---- Given records

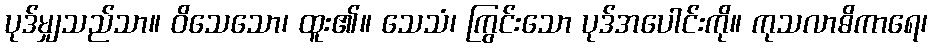
ပုဒ်မျှသည်သာ။ ဝိသေသော၊ ထူး၏။ သေသံ၊ ကြွင်းသော ပုဒ်အပေါင်းကို။ ကုသလာဓိကာရေ၊
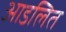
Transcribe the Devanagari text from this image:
आडलित
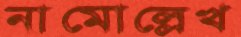
নামোল্লেখ
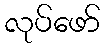
လုပ်ဖော်
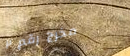
مخرج رقم ٢
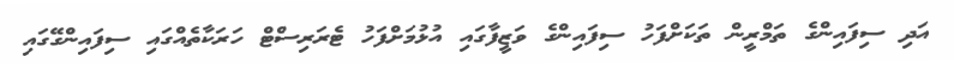
އަދި ސިފައިންގެ ތަމްރީން ތަކަށްފަހު ސިފައިންގެ ވަޒީފާގައި އުޅުމަށްފަހު ޓެރަރިސްޓް ހަރަކާތެއްގައި ސިފައިންގޭގައި

--------

» **Task details**:
The reply should contain all of the data above, word for word, with no pictures.

» **Your solution**:
ပုဒ်မျှသည်သာ။ ဝိသေသော၊ ထူး၏။ သေသံ၊ ကြွင်းသော ပုဒ်အပေါင်းကို။ ကုသလာဓိကာရေ၊
Transcribe the Devanagari text from this image:
आडलित
নামোল্লেখ
လုပ်ဖော်
مخرج رقم ٢
އަދި ސިފައިންގެ ތަމްރީން ތަކަށްފަހު ސިފައިންގެ ވަޒީފާގައި އުޅުމަށްފަހު ޓެރަރިސްޓް ހަރަކާތެއްގައި ސިފައިންގޭގައި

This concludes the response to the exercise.